Combining both OpenMP and OpenACC pragmas in the implementation of the gramSchmidt() method clearly demonstrates the similarity between the pragmas and that it is not necessary to write separate OpenMP and OpenACC methods. The following code compiles correctly for OpenMP and OpenACC without the need for an #ifdef _OPENACC preprocessor conditional:
void gramSchmidt(restrict float Q[][COLS], const int rows, const int cols)
{
#pragma acc data copy(Q[0:rows][0:cols])
for(int k=0; k < cols; k++) {
double tmp = 0.;
#pragma omp parallel for reduction(+:tmp)

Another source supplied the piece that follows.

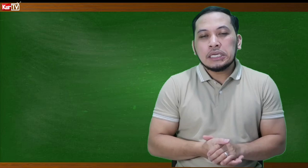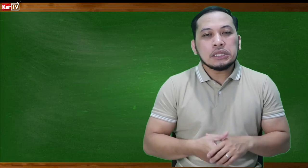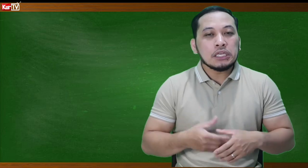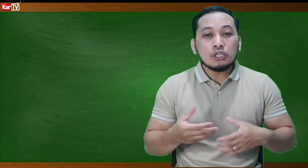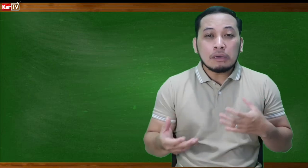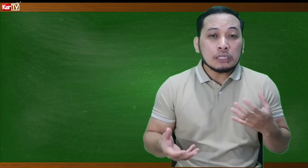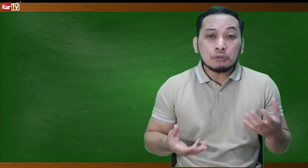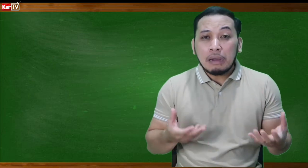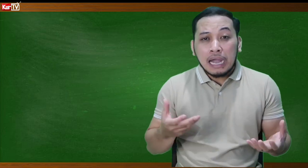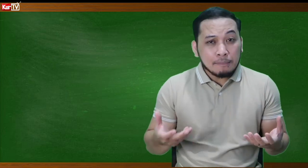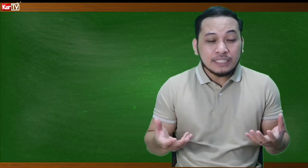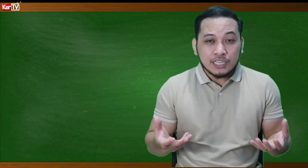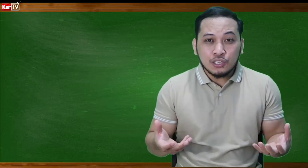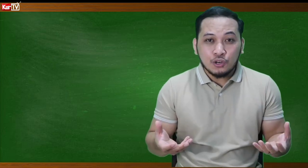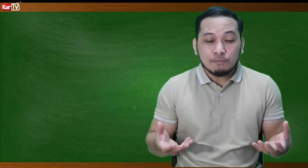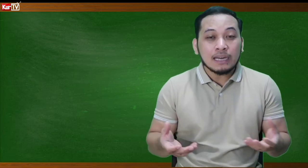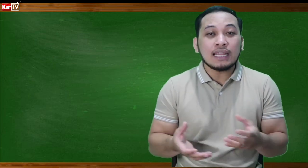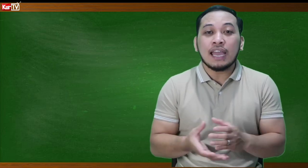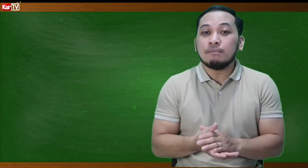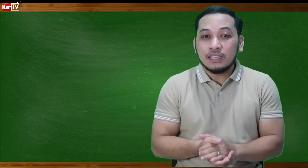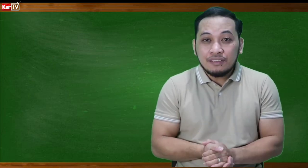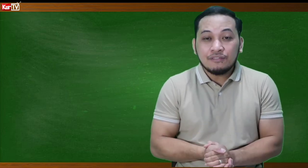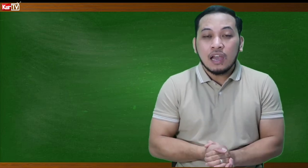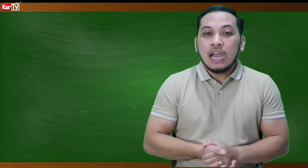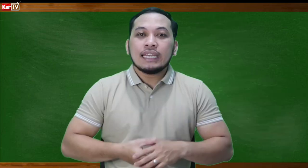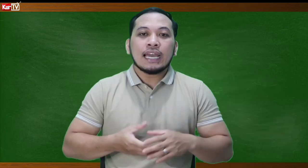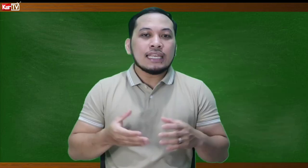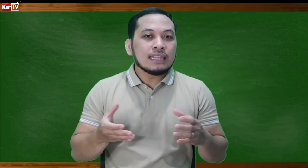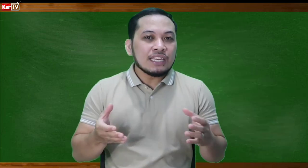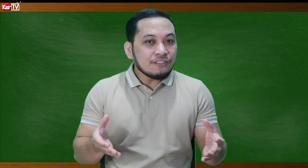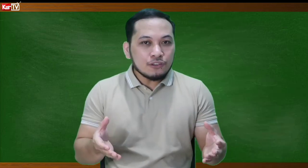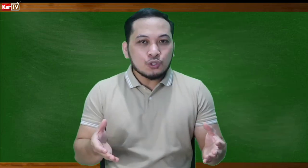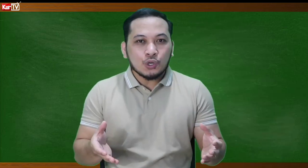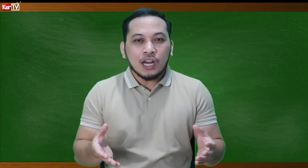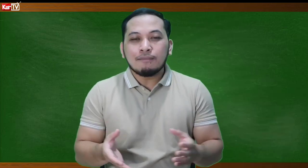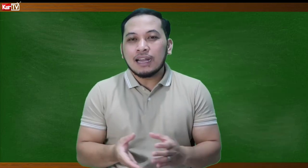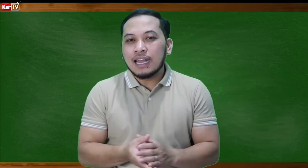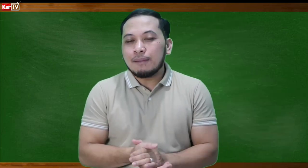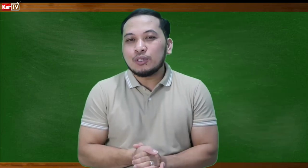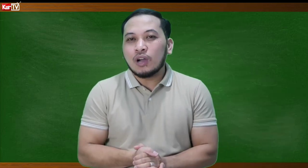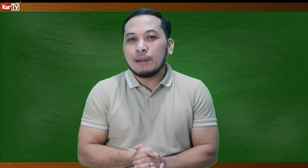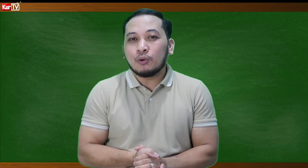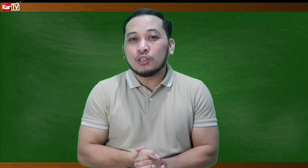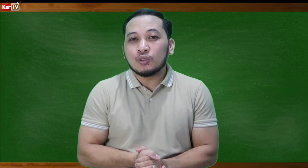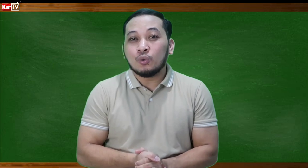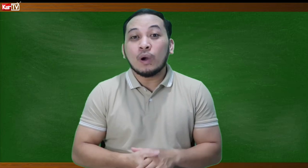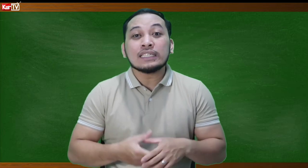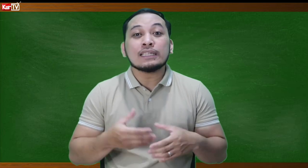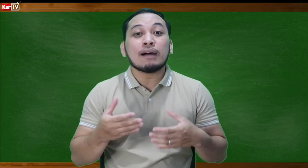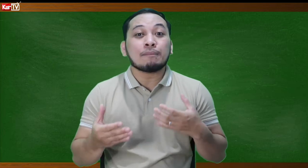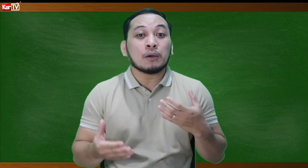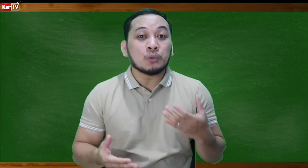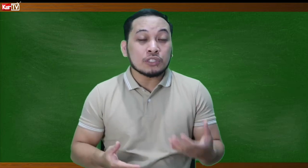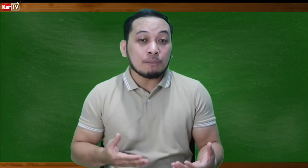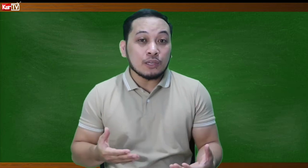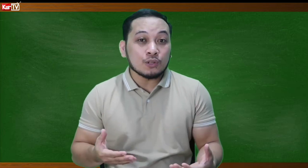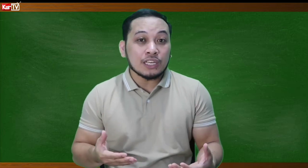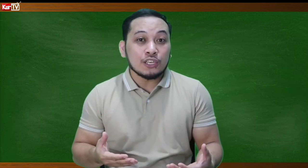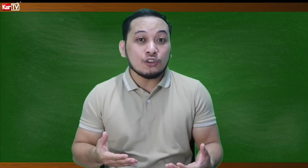hindi nyo man itong magamit sa ngayon, but I believe na in the near future ay magagamit nyo nga po ito once na makipag-usap kayo sa inyong

#pragma acc parallel reduction(+:tmp)
for(int i=0; i < rows; i++) tmp += (Q[i][k] * Q[i][k]);
tmp = sqrt(tmp);
#pragma omp parallel for
#pragma acc parallel loop
for(int i=0; i < rows; i++) Q[i][k] /= tmp;
#pragma omp parallel for reduction(+:tmp)
#pragma acc parallel loop
for(int j=k+1; j < cols; j++) {
tmp=0.;
for(int i=0; i < rows; i++) tmp += Q[i][k] * Q[i][j];
for(int i=0; i < rows; i++) Q[i][j] -= tmp * Q[i][k];
}
}
}
Example 8: Combining OpenACC and OpenMP pragmas in a single method.